En el presente caso, el acusado golpeó inicialmente con un palo de 80 cms. en la cabeza de la mujer, golpeó la cabeza de ésta en la pared, pretendió ponerle una cuerda en el cuello para asfixiarla, le apretó el cuello con las manos y finalmente accionó el mecanismo de una bombona de butano para morir ambos; manifestándole durante la larga secuencia de los hechos (desde las 14,30 horas hasta la medianoche) "muérete", quejándose de que no se moría (declaró Ángeles que incluso le dijo que tendrían que meterle la cabeza en el horno al no dar resultado los métodos que estaba aplicando).

Inferimos el ánimo homicida de la zona vital a la que se dirigieron los ataques fundamentalmente la cabeza en la que se encuentran órganos vitales, de la pretensión de asfixiarla apretándole el cuello y posteriormente mediante la inhalación de gas; de la reiteración de las acciones, cambiando el método para dar muerte cuando uno no daba resultado, de lo que se infiere la persistencia en el ánimo homicida; del instrumento utilizado inicialmente, como fue un palo de madera de unos 80 cms., de la cuerda que le pasó por la cabeza para apretarle el cuello, que finalmente apretó con las manos, y de la emanación del gas de la bombona de butano; y de las frases que profería durante la ejecución de las acciones (muérete y no te mueres), teniendo en cuenta que el día anterior le había anunciado que la iba a matar.

Por ello consideramos que el procesado actuó conscientemente con dolo de matar pues sabía lo que hacía, y de ese conocimiento y actuación inferimos que quería matar a su compañera sentimental (dolo directo) o que, por lo menos, aceptó el resultado que pudiera haberse producido, pues la muerte de la mujer por los golpes en la cabeza si hubieran afectado a órganos vitales (lo que afortunadamente no ocurrió), la muerte por estrangulamiento si hubiera podido cortar su respiración mediante presión en el cuello (la mujer hizo movimientos para evitar su muerte) o la muerte por inhalación de gas si Ángeles no hubiera tomado la precaución de ponerse una toalla para respirar una menor cantidad de butano, hubiera sido la consecuencia adecuada y altamente probable de la situación de riesgo en que deliberadamente la colocó (dolo eventual).

CUARTO: Ya hemos dicho que la acción del acusado culminó el delito intentado de homicidio del art. 138 del C.P . y no el delito de asesinato del art. 139 del C.P . puesto que no concurre ninguna de las circunstancias recogidas en este último artículo.

Las acusaciones calificaron los hechos como delito intentado de asesinato por entender que se dio la alevosía y el ensañamiento.

La alevosía se da en todos aquellos supuestos en que por el modo de ejecutarse la agresión queda de manifiesto la intención del agresor de eliminar el riesgo que pudiera proceder de la defensa que pudiera oponer su víctima, distinguiéndose tradicionalmente tres formas de agresión alevosa: 1) la proditoria o aleve; 2) la sorpresiva; y 3) la de desvalimiento.

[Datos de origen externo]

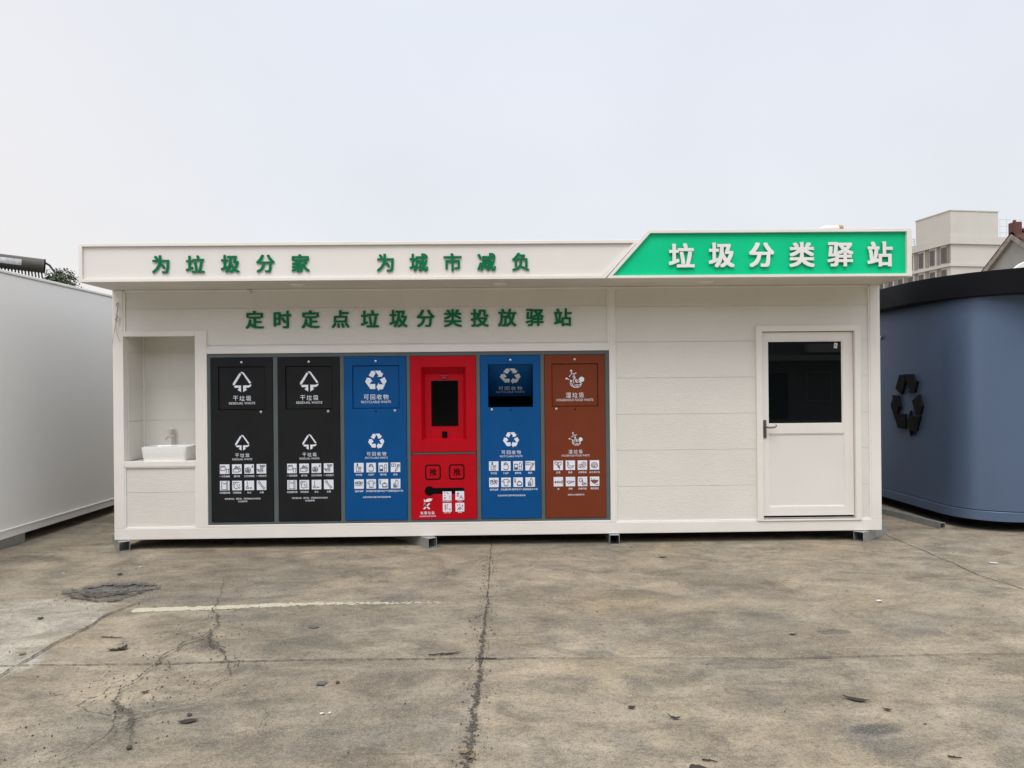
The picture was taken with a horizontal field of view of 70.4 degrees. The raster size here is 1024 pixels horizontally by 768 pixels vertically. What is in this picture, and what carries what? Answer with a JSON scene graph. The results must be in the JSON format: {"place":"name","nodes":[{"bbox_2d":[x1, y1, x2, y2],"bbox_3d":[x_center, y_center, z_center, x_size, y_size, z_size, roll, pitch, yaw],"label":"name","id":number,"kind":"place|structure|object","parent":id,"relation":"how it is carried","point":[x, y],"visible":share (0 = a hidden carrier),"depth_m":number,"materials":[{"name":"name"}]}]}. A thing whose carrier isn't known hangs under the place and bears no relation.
{"place":"outdoors","nodes":[
{"label":"outdoors","id":0,"kind":"place"},
{"bbox_2d":[0,254,54,278],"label":"solar water heater","id":1,"kind":"object","parent":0,"point":[22,264],"visible":0.66,"depth_m":24.80,"materials":[{"name":"metal"}]},
{"bbox_2d":[0,498,1023,767],"bbox_3d":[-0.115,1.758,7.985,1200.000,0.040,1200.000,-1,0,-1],"label":"ground","id":2,"kind":"structure","parent":0,"point":[732,670],"depth_m":4.83,"materials":[{"name":"concrete"}]},
{"bbox_2d":[0,533,24,548],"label":"steel tube","id":3,"kind":"object","parent":2,"relation":"on","point":[12,541],"visible":0.75,"depth_m":8.21,"materials":[{"name":"grey metal"}]},
{"bbox_2d":[0,269,113,539],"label":"pale cabin","id":4,"kind":"object","parent":2,"relation":"on","point":[56,414],"visible":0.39,"depth_m":8.94,"materials":[{"name":"white metal"}]},
{"bbox_2d":[43,268,81,287],"bbox_3d":[-18.554,-1.426,29.917,2.344,6.818,2.757,-1,0,-1],"label":"bushy tree","id":5,"kind":"object","parent":2,"relation":"on","point":[61,277],"visible":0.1,"depth_m":29.71,"materials":[{"name":"green plant"}]},
{"bbox_2d":[112,533,129,551],"bbox_3d":[-4.376,1.763,8.113,0.110,0.110,0.620,-1,0,-35],"label":"steel tube","id":6,"kind":"object","parent":2,"relation":"on","point":[122,545],"visible":0.8,"depth_m":7.99,"materials":[{"name":"silver metal"}]},
{"bbox_2d":[177,718,198,722],"bbox_3d":[-1.712,1.777,3.834,0.110,0.010,0.046,-1,0,-12],"label":"dead leaf","id":7,"kind":"object","parent":2,"relation":"on","point":[188,720],"visible":1,"depth_m":3.84,"materials":[{"name":"brown plant"}]},
{"bbox_2d":[316,680,326,684],"bbox_3d":[-1.131,1.775,4.307,0.058,0.006,0.059,-1,0,-4],"label":"dead leaf","id":8,"kind":"object","parent":2,"relation":"on","point":[320,682],"visible":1,"depth_m":4.31,"materials":[{"name":"grey plant"}]},
{"bbox_2d":[390,536,436,548],"bbox_3d":[-1.146,1.732,8.238,0.110,0.110,0.900,-1,0,-39],"label":"steel tube","id":9,"kind":"object","parent":2,"relation":"on","point":[428,542],"visible":0.59,"depth_m":7.99,"materials":[{"name":"silver metal"}]},
{"bbox_2d":[428,652,458,654],"bbox_3d":[-0.447,1.767,4.754,0.201,0.012,0.030,-1,0,-3],"label":"twig","id":10,"kind":"object","parent":2,"relation":"on","point":[443,653],"visible":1,"depth_m":4.75,"materials":[{"name":"brown wood"}]},
{"bbox_2d":[78,228,911,539],"bbox_3d":[-0.163,0.058,9.893,8.454,3.213,5.088,-1,0,-1],"label":"waste sorting station","id":11,"kind":"object","parent":2,"relation":"on","point":[682,380],"visible":1,"depth_m":7.99,"materials":[{"name":"beige paint"}]},
{"bbox_2d":[142,429,195,460],"bbox_3d":[-3.829,0.680,8.166,0.496,0.334,0.424,-1,0,-1],"label":"wash basin","id":12,"kind":"object","parent":11,"relation":"on","point":[172,451],"visible":0.92,"depth_m":7.97,"materials":[{"name":"ceramic"}]},
{"bbox_2d":[762,332,853,515],"bbox_3d":[3.291,0.441,8.052,1.022,2.041,0.124,-1,0,-1],"label":"door","id":13,"kind":"structure","parent":11,"relation":"in","point":[807,377],"depth_m":8.08,"materials":[{"name":"beige paint"}]},
{"bbox_2d":[819,225,843,228],"bbox_3d":[3.317,-1.619,7.545,0.243,0.064,0.063,-1,0,-1],"label":"plastic bottle","id":14,"kind":"object","parent":11,"relation":"on","point":[834,227],"visible":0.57,"depth_m":7.52,"materials":[{"name":"white plastic"}]},
{"bbox_2d":[603,533,619,544],"bbox_3d":[1.127,1.711,9.150,0.110,0.110,2.400,-1,0,0],"label":"steel tube","id":15,"kind":"object","parent":2,"relation":"on","point":[613,538],"visible":0.4,"depth_m":8.05,"materials":[{"name":"silver metal"}]},
{"bbox_2d":[689,764,706,767],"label":"dead leaf","id":16,"kind":"object","parent":2,"relation":"on","point":[695,766],"visible":1,"depth_m":3.32,"materials":[{"name":"brown plant"}]},
{"bbox_2d":[842,694,867,700],"bbox_3d":[1.905,1.740,4.017,0.140,0.015,0.046,-1,0,28],"label":"dead leaf","id":17,"kind":"object","parent":2,"relation":"on","point":[856,699],"visible":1,"depth_m":4.02,"materials":[{"name":"brown plant"}]},
{"bbox_2d":[853,524,886,541],"bbox_3d":[4.054,1.681,8.202,0.620,0.110,0.110,-1,0,-41],"label":"steel tube","id":18,"kind":"object","parent":2,"relation":"on","point":[862,535],"visible":0.86,"depth_m":8.09,"materials":[{"name":"silver metal"}]},
{"bbox_2d":[882,507,944,528],"bbox_3d":[4.927,1.694,9.938,0.070,0.070,2.600,-1,0,-9],"label":"steel tube","id":19,"kind":"object","parent":2,"relation":"on","point":[916,519],"visible":0.39,"depth_m":9.09,"materials":[{"name":"grey metal"}]},
{"bbox_2d":[879,267,1023,524],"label":"blue cabin","id":20,"kind":"object","parent":2,"relation":"on","point":[952,389],"visible":0.73,"depth_m":8.73,"materials":[{"name":"metal"}]},
{"bbox_2d":[0,0,1023,294],"label":"sky","id":21,"kind":"structure","parent":0,"point":[122,121],"materials":[{"name":"white"}]},
{"bbox_2d":[879,210,1008,288],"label":"rendered block","id":22,"kind":"structure","parent":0,"point":[951,242],"depth_m":115.05,"materials":[{"name":"white paint"}]},
{"bbox_2d":[918,253,922,268],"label":"window","id":23,"kind":"structure","parent":22,"relation":"in","point":[920,256],"depth_m":120.62,"materials":[{"name":"grey glass"}]},
{"bbox_2d":[929,250,934,265],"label":"window","id":24,"kind":"structure","parent":22,"relation":"in","point":[931,253],"depth_m":118.00,"materials":[{"name":"grey glass"}]},
{"bbox_2d":[941,247,945,263],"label":"window","id":25,"kind":"structure","parent":22,"relation":"in","point":[943,250],"depth_m":115.55,"materials":[{"name":"grey glass"}]},
{"bbox_2d":[941,270,946,275],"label":"window","id":26,"kind":"structure","parent":22,"relation":"in","point":[943,273],"depth_m":115.50,"materials":[{"name":"grey glass"}]},
{"bbox_2d":[982,220,1023,270],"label":"gabled house","id":27,"kind":"structure","parent":0,"point":[1009,253],"depth_m":30.49,"materials":[{"name":"white paint"}]},
{"bbox_2d":[1014,262,1023,267],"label":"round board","id":28,"kind":"object","parent":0,"point":[1020,265],"visible":0.2,"depth_m":14.15,"materials":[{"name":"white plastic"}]}
]}

Además para ser apreciada se requiere, según declaran, entre otras, las sentencias del T.S. de fecha 25-3-2000 y 24-4-2000 : a) en cuanto a la dinámica de su actividad : un aseguramiento del resultado, sin riesgo para el agente (elemento instrumental), eliminando la defensa que pudiera existir por parte del ofendido, con lo que se pone de relieve el cariz predominantemente objetivo, a través del aseguramiento de la ejecución y de la indefensión de la víctima que supone una mayor antijuridicidad por estimarse mas graves y lesivas estas conductas para la sociedad (fundamento objetivo), b) En cuanto a la culpabilidad: la presencia no solamente del dolo proyectado sobre la acción del agente, sino además un ánimo tendencial dirigido hacia la indefensión del sujeto pasivo del delito, y mediante el cual se pone de relieve cierta vileza o cobardía al obrar, que constituye el fundamento subjetivo, y c) un elemento normativo que se cumple si acompaña a cualquiera de los delitos contra las personas ( sentencia de 22 de junio de 1993 y 6-11-2000 ).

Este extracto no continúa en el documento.